WHAT THIS TASK INVOLVES: Please copy the lines below exactly, from the first one through the line showing "ཚོགས་པ་དཔལ་གཡང".

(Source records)
"""

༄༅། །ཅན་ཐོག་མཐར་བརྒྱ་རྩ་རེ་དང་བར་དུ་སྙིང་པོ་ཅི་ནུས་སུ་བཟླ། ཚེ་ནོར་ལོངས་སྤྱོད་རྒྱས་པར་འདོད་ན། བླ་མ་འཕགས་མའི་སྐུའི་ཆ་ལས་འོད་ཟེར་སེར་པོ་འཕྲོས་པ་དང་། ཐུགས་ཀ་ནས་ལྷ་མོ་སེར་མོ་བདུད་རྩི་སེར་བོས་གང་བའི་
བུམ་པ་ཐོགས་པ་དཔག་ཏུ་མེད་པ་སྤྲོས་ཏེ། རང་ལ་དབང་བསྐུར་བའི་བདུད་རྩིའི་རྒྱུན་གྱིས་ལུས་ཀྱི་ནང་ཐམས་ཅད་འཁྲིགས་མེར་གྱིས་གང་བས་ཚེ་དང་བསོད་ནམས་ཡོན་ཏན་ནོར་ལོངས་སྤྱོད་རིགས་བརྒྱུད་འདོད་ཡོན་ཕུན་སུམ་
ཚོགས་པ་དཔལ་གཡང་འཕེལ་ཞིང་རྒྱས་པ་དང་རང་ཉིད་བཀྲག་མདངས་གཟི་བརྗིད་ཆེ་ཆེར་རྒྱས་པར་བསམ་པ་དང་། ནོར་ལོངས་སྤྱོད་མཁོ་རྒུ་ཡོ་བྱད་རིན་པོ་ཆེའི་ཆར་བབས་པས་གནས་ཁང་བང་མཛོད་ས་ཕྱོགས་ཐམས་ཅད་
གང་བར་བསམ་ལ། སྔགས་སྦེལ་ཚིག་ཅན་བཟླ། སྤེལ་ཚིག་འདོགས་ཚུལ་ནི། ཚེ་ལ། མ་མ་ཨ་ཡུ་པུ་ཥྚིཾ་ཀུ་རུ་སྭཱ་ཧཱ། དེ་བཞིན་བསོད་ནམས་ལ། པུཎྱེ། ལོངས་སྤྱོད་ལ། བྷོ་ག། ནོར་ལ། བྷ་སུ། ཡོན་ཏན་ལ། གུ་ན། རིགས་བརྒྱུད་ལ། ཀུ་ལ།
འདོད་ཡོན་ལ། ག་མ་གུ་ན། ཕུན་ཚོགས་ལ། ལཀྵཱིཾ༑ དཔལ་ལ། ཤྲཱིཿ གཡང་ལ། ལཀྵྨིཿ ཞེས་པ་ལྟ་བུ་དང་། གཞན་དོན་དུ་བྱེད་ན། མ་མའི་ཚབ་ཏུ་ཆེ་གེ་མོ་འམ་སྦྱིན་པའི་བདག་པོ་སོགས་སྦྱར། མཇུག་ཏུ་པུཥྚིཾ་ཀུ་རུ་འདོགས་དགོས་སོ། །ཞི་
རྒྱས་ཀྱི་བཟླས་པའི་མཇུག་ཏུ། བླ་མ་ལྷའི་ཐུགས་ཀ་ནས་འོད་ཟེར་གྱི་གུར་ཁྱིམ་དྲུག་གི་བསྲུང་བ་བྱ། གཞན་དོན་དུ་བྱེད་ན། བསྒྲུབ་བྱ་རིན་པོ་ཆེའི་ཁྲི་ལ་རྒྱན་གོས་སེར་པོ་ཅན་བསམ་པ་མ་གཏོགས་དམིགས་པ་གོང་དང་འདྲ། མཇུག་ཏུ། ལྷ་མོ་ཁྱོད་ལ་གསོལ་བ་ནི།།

"""

RESULT BELOW:
༄༅། །ཅན་ཐོག་མཐར་བརྒྱ་རྩ་རེ་དང་བར་དུ་སྙིང་པོ་ཅི་ནུས་སུ་བཟླ། ཚེ་ནོར་ལོངས་སྤྱོད་རྒྱས་པར་འདོད་ན། བླ་མ་འཕགས་མའི་སྐུའི་ཆ་ལས་འོད་ཟེར་སེར་པོ་འཕྲོས་པ་དང་། ཐུགས་ཀ་ནས་ལྷ་མོ་སེར་མོ་བདུད་རྩི་སེར་བོས་གང་བའི་
བུམ་པ་ཐོགས་པ་དཔག་ཏུ་མེད་པ་སྤྲོས་ཏེ། རང་ལ་དབང་བསྐུར་བའི་བདུད་རྩིའི་རྒྱུན་གྱིས་ལུས་ཀྱི་ནང་ཐམས་ཅད་འཁྲིགས་མེར་གྱིས་གང་བས་ཚེ་དང་བསོད་ནམས་ཡོན་ཏན་ནོར་ལོངས་སྤྱོད་རིགས་བརྒྱུད་འདོད་ཡོན་ཕུན་སུམ་
ཚོགས་པ་དཔལ་གཡང་འཕེལ་ཞིང་རྒྱས་པ་དང་རང་ཉིད་བཀྲག་མདངས་གཟི་བརྗིད་ཆེ་ཆེར་རྒྱས་པར་བསམ་པ་དང་། ནོར་ལོངས་སྤྱོད་མཁོ་རྒུ་ཡོ་བྱད་རིན་པོ་ཆེའི་ཆར་བབས་པས་གནས་ཁང་བང་མཛོད་ས་ཕྱོགས་ཐམས་ཅད་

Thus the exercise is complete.